DIRECTIONS FOR THIS TASK>
Could you please retype the records exactly, minus their pictures?

[Stored data]
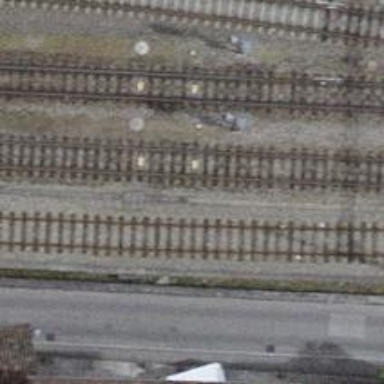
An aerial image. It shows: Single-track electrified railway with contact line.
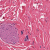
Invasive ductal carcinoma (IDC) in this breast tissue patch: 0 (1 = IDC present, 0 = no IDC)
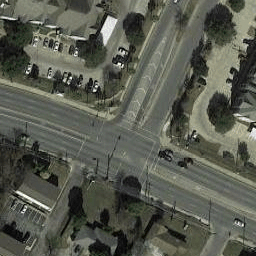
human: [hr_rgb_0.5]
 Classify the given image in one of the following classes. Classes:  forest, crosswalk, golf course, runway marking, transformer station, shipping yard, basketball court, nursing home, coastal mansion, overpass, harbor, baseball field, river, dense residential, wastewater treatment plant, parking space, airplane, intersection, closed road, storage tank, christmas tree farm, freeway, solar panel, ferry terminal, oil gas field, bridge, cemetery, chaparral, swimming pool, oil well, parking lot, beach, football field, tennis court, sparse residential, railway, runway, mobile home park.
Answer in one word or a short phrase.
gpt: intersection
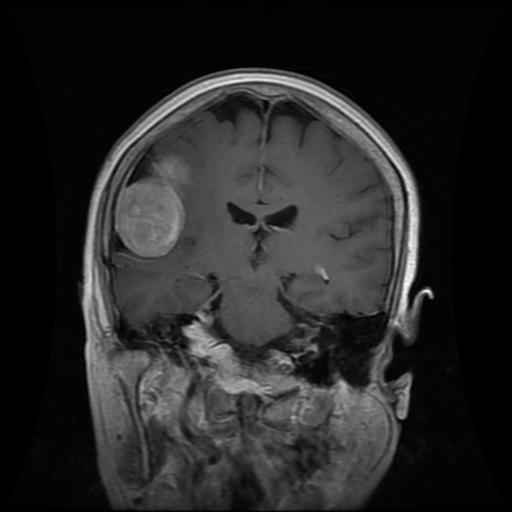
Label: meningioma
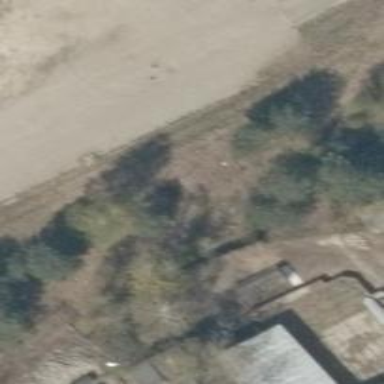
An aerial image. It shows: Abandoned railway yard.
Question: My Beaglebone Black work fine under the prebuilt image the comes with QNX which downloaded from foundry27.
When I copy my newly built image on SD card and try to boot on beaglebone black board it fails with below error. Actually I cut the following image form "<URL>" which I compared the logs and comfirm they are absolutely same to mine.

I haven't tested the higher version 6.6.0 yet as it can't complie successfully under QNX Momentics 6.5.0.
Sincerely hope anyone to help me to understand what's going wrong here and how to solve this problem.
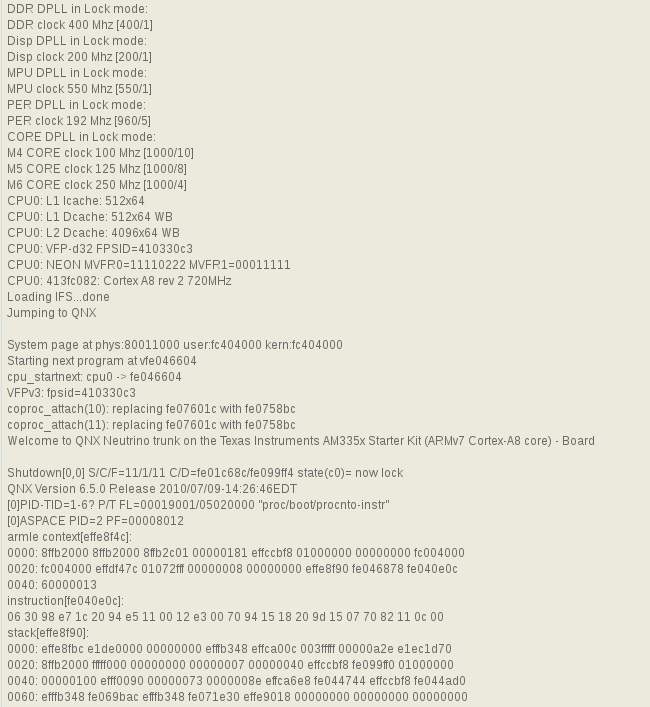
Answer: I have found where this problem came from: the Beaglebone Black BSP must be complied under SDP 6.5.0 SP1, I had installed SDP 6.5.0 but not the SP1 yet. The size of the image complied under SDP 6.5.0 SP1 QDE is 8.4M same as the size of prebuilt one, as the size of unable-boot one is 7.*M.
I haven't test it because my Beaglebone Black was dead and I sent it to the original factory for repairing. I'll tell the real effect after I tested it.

RESULT BELOW>
An aerial image. It shows: Single-track electrified railway with contact line.
Invasive ductal carcinoma (IDC) in this breast tissue patch: 0 (1 = IDC present, 0 = no IDC)
human: [hr_rgb_0.5]
 Classify the given image in one of the following classes. Classes:  forest, crosswalk, golf course, runway marking, transformer station, shipping yard, basketball court, nursing home, coastal mansion, overpass, harbor, baseball field, river, dense residential, wastewater treatment plant, parking space, airplane, intersection, closed road, storage tank, christmas tree farm, freeway, solar panel, ferry terminal, oil gas field, bridge, cemetery, chaparral, swimming pool, oil well, parking lot, beach, football field, tennis court, sparse residential, railway, runway, mobile home park.
Answer in one word or a short phrase.
gpt: intersection
Label: meningioma
An aerial image. It shows: Abandoned railway yard.
Question: My Beaglebone Black work fine under the prebuilt image the comes with QNX which downloaded from foundry27.
When I copy my newly built image on SD card and try to boot on beaglebone black board it fails with below error. Actually I cut the following image form "<URL>" which I compared the logs and comfirm they are absolutely same to mine.

I haven't tested the higher version 6.6.0 yet as it can't complie successfully under QNX Momentics 6.5.0.
Sincerely hope anyone to help me to understand what's going wrong here and how to solve this problem.
Answer: I have found where this problem came from: the Beaglebone Black BSP must be complied under SDP 6.5.0 SP1, I had installed SDP 6.5.0 but not the SP1 yet. The size of the image complied under SDP 6.5.0 SP1 QDE is 8.4M same as the size of prebuilt one, as the size of unable-boot one is 7.*M.
I haven't test it because my Beaglebone Black was dead and I sent it to the original factory for repairing. I'll tell the real effect after I tested it.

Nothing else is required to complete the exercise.